* The task
Output the entries below exactly as written, omitting pictures.
[Dataset content — start]
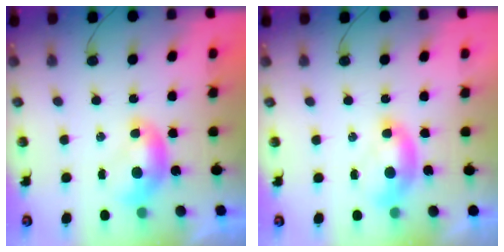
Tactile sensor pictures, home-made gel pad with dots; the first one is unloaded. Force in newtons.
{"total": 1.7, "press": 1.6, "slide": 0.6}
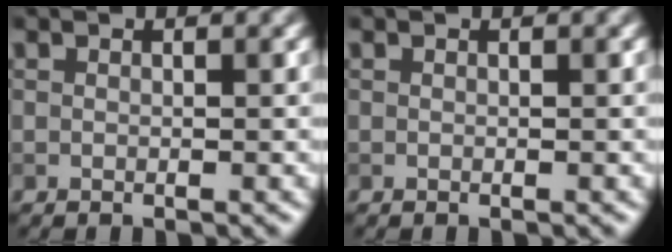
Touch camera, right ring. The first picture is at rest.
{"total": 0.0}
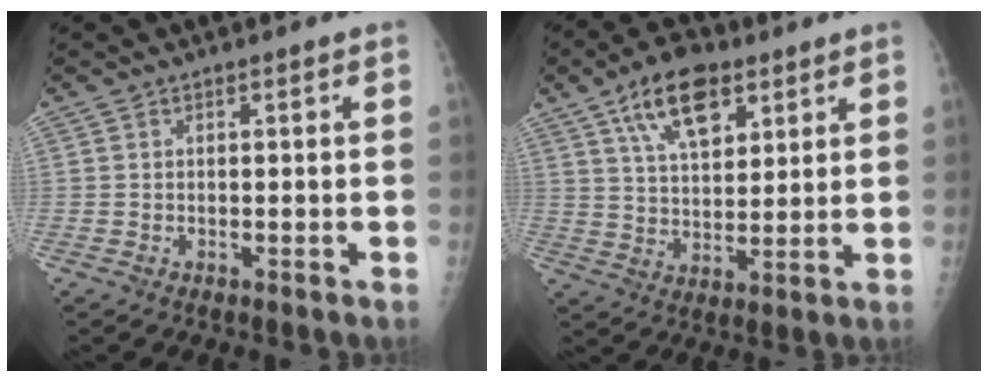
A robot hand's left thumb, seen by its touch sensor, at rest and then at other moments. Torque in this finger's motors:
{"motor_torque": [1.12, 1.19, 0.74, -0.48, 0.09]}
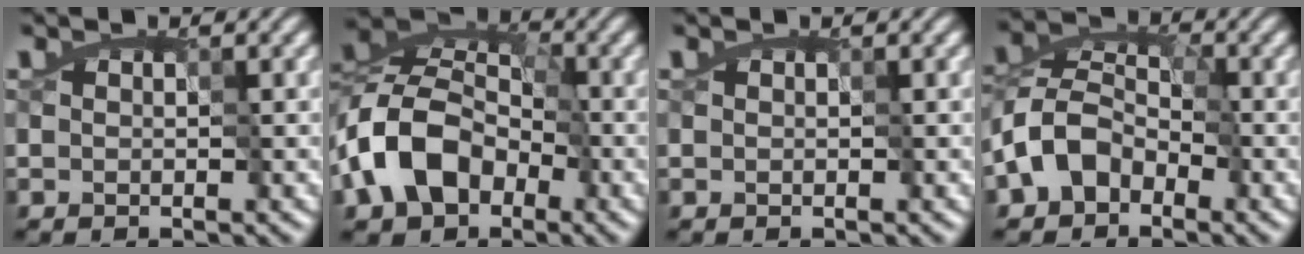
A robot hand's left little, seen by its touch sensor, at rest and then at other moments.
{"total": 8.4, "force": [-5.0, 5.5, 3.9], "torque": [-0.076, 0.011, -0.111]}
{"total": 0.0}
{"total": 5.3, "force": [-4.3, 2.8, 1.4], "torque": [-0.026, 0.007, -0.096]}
[Dataset content — finish]
* Solution
Tactile sensor pictures, home-made gel pad with dots; the first one is unloaded. Force in newtons.
{"total": 1.7, "press": 1.6, "slide": 0.6}
Touch camera, right ring. The first picture is at rest.
{"total": 0.0}
A robot hand's left thumb, seen by its touch sensor, at rest and then at other moments. Torque in this finger's motors:
{"motor_torque": [1.12, 1.19, 0.74, -0.48, 0.09]}
A robot hand's left little, seen by its touch sensor, at rest and then at other moments.
{"total": 8.4, "force": [-5.0, 5.5, 3.9], "torque": [-0.076, 0.011, -0.111]}
{"total": 0.0}
{"total": 5.3, "force": [-4.3, 2.8, 1.4], "torque": [-0.026, 0.007, -0.096]}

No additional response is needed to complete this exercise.